Work task.
Reproduce verbatim only the line that holds "7.669C25.618 7.669 26.551" and the lines that follow it to the end of the listing.

*** Opening Records ***

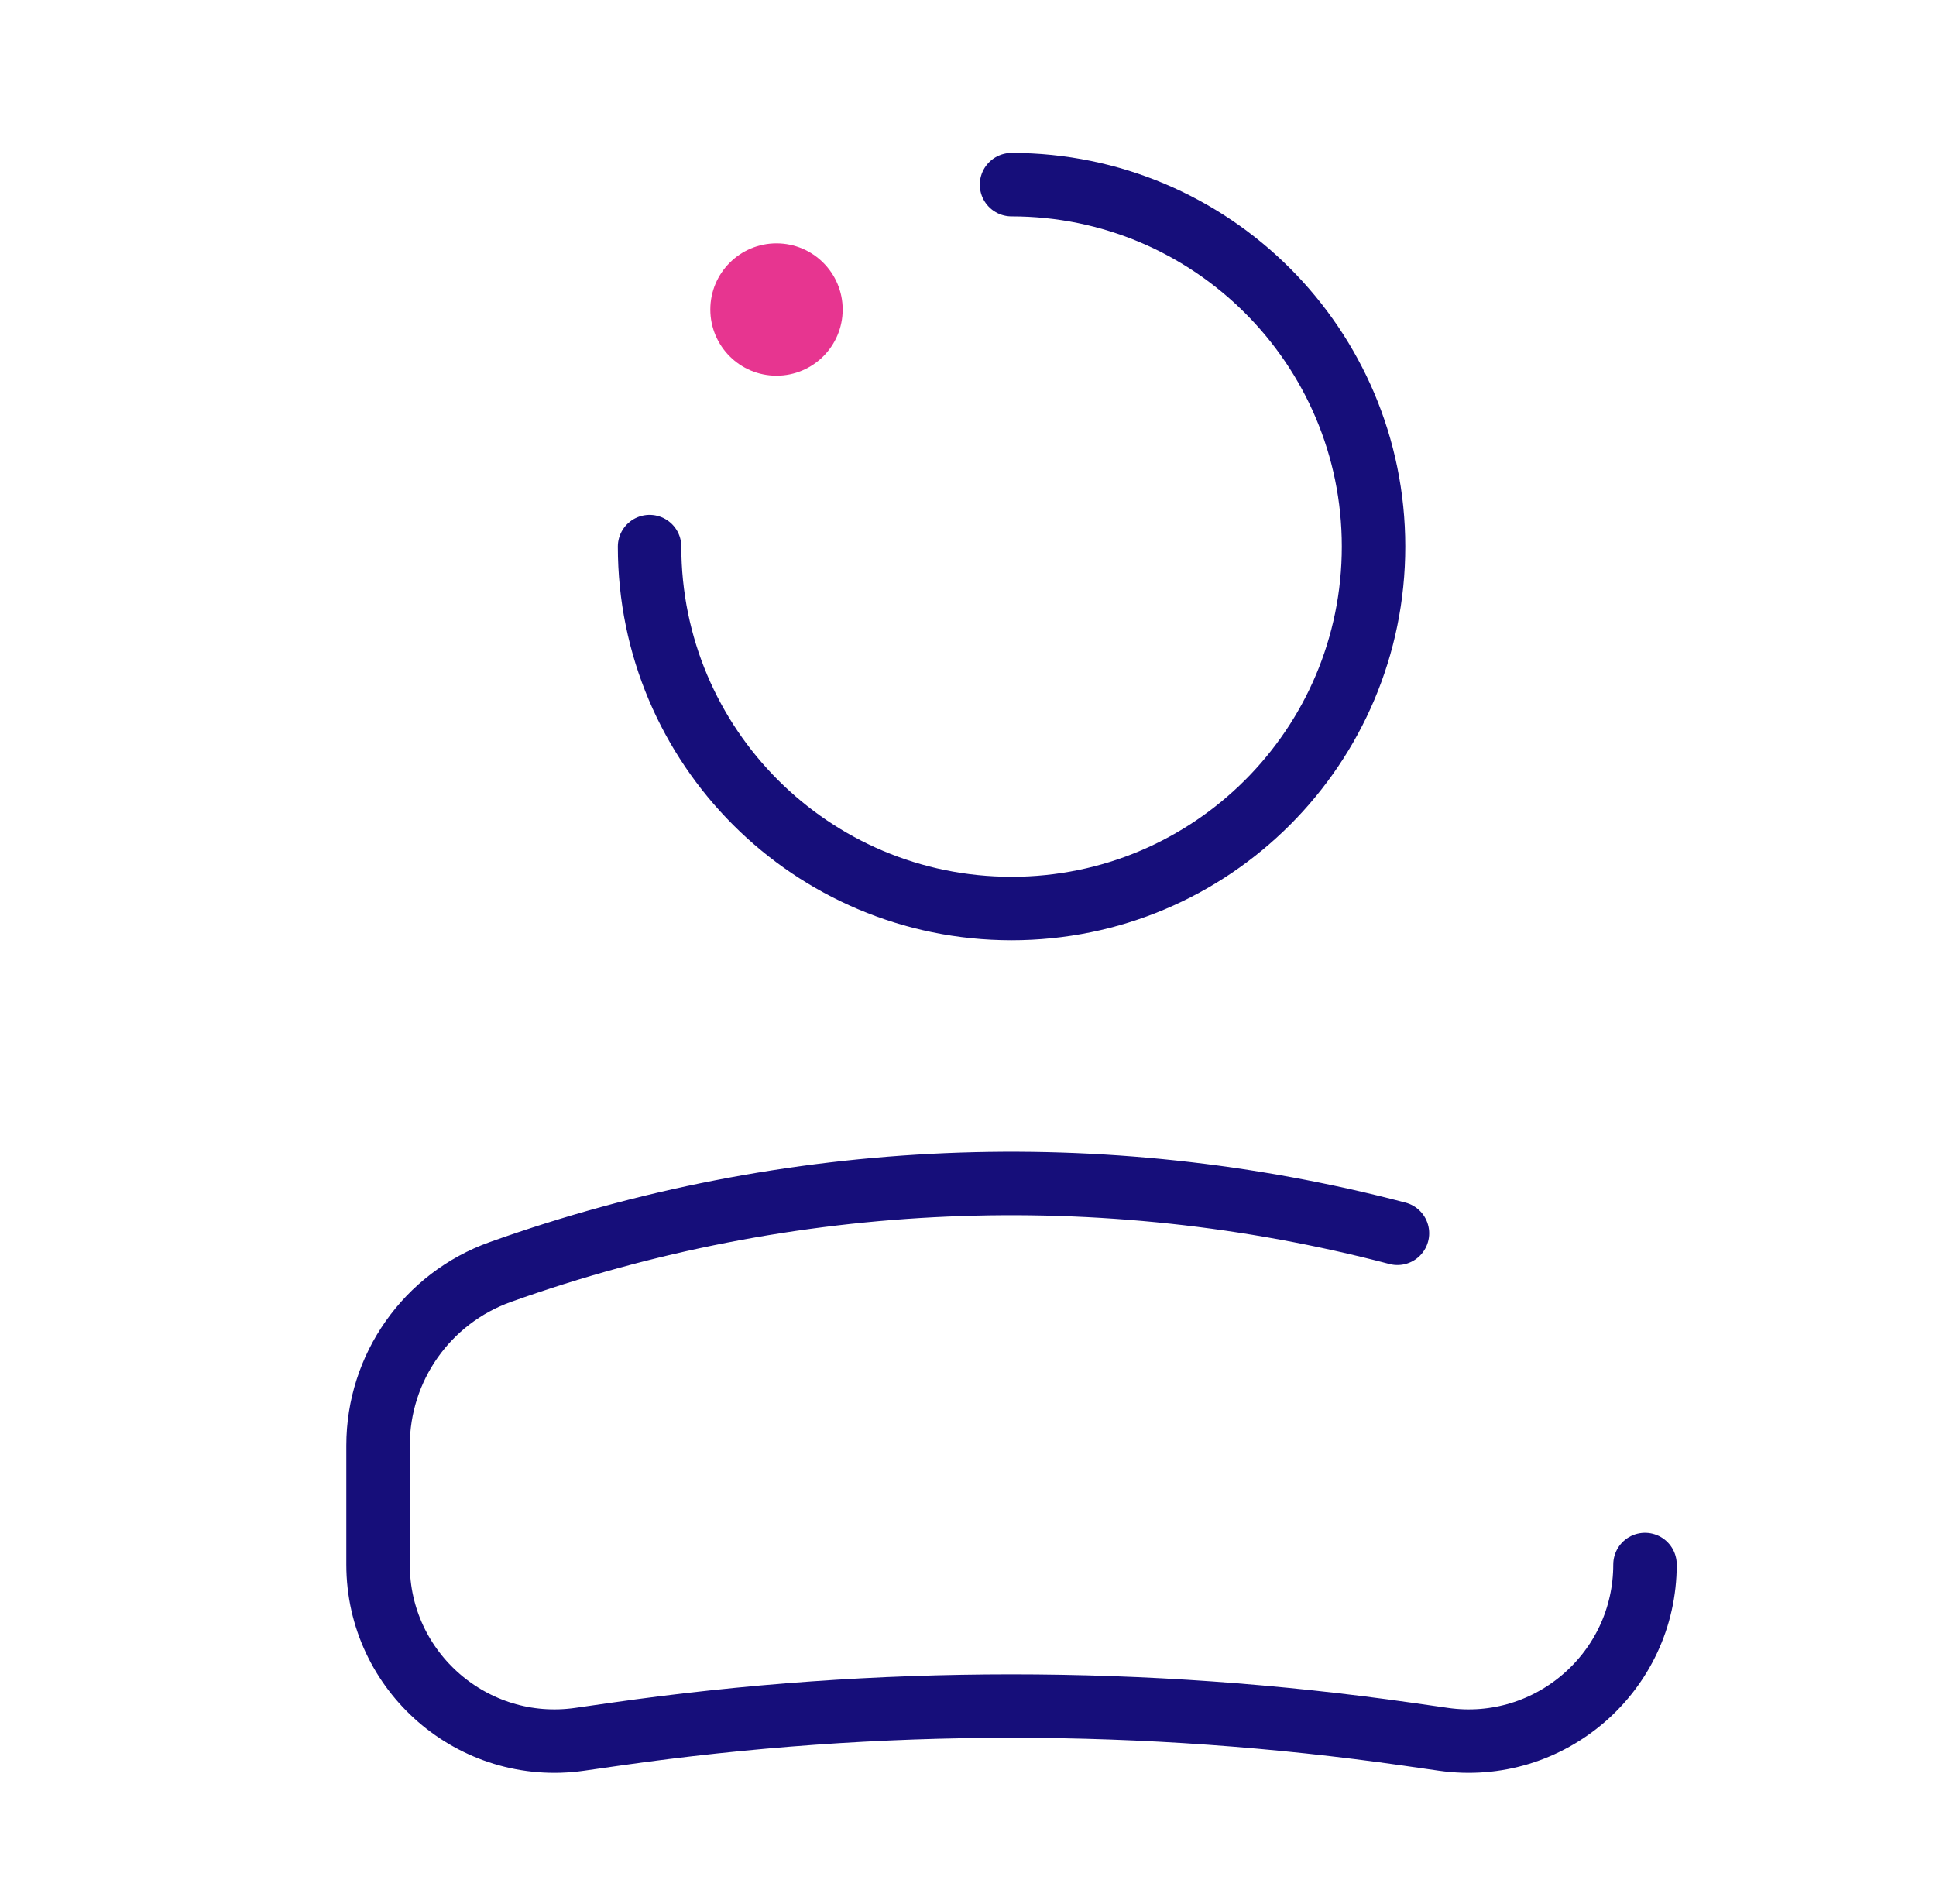 <svg width="61" height="60" viewBox="0 0 61 60" fill="none" xmlns="http://www.w3.org/2000/svg">
<path d="M51.831 49.302C51.831 52.688 48.832 55.289 45.48 54.81L44.363 54.65C36.077 53.466 27.666 53.466 19.38 54.65L18.263 54.81C14.911 55.289 11.912 52.688 11.912 49.302V45.551C11.912 43.098 13.454 40.909 15.765 40.084C24.878 36.829 34.732 36.423 44.031 38.864" stroke="#160E7A" stroke-width="2" stroke-linecap="round"/>
<path d="M20.467 17.224C20.467 23.523 25.573 28.629 31.872 28.629C38.171 28.629 43.278 23.523 43.278 17.224C43.278 10.925 38.171 5.819 31.872 5.819" stroke="#160E7A" stroke-width="2" stroke-linecap="round"/>
<path d="M24.466 7.669C25.618 7.669 26.551 8.603 26.551 9.754C26.551 10.906 25.618 11.839 24.466 11.839C23.314 11.839 22.381 10.906 22.381 9.754C22.381 8.603 23.314 7.669 24.466 7.669Z" fill="#E73590"/>
</svg>

*** Closing Records ***

Exercise output.
<path d="M24.466 7.669C25.618 7.669 26.551 8.603 26.551 9.754C26.551 10.906 25.618 11.839 24.466 11.839C23.314 11.839 22.381 10.906 22.381 9.754C22.381 8.603 23.314 7.669 24.466 7.669Z" fill="#E73590"/>
</svg>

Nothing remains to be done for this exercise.